The process on aws side would then be : send SIGTERM to all workloads. wait for [configurable] amount of time (maxed at xx hours) or until all workloads have exited (whichever comes first). Shutdown the node. Update the node. Start the node. Restart the workloads.

1 comments

Yep you are right about SIGTERM, but let's think back to the original reason why we wanted to update the node: because of a patch, probably a security patch for a CVE?

What is the better option here? Implement a SIGTERM based process that allows the user to block the patch for a critical, possibly zero-day CVE for xx hours, remaining in a vulnerable state the entire time?
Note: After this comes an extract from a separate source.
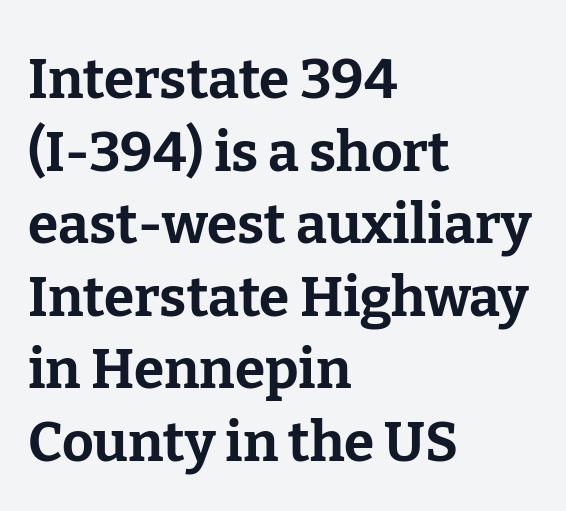
{"serif": "yes", "italic": "no", "bold": "yes", "weight": "bold", "width": "normal", "stroke_contrast": "low", "x_height": "medium", "monospaced": "no", "underline": "no", "align": "left", "line_spacing": "normal", "line_spacing_ratio": 1.32, "letter_spacing": "normal", "letter_spacing_em": 0.0, "glyph_px": 55}

Or implement a system that just patches the underlying host without interrupting the workloads on the box?

You aren't wrong, what you described is a possibility, but it is not the best possibility.

If there's a CVE vulnerability that is being actively exploited on your network, you should preempt running processes to deal with it, and absolutely must take the boot+nuke approach, because it already could be affecting any host that has not already been boot+nuked?

If there's not a CVE, AWS can significantly manage the lifecycle of their machines, and have ~5% of all of their machines "unschedulable" at any one time, waiting for existing processes to complete so that they may use an orderly restart before doing a boot+nuke. A SLA of "Tasks may never run longer than X days"(x=10-30) allows them to perform orderly restarts.

I don't know your background but the way you respond makes me think you have not been responsible for systems that multiple tenants rely on for varying workloads.

These assumptions you're making are dangerous because the variety of workloads across tenants is extreme. If you're going to do something like "kill compute no matter what" then you better have a good reason for it.

You may want to look at my resume. I've seen what happens when you don't "kill compute no matter what" - When compute does get killed no matter what (hardware problems happen quite often at scale), you have problems. I've also seen it done right. Clearly, Fargate has not - I could also tell you that from having used the service.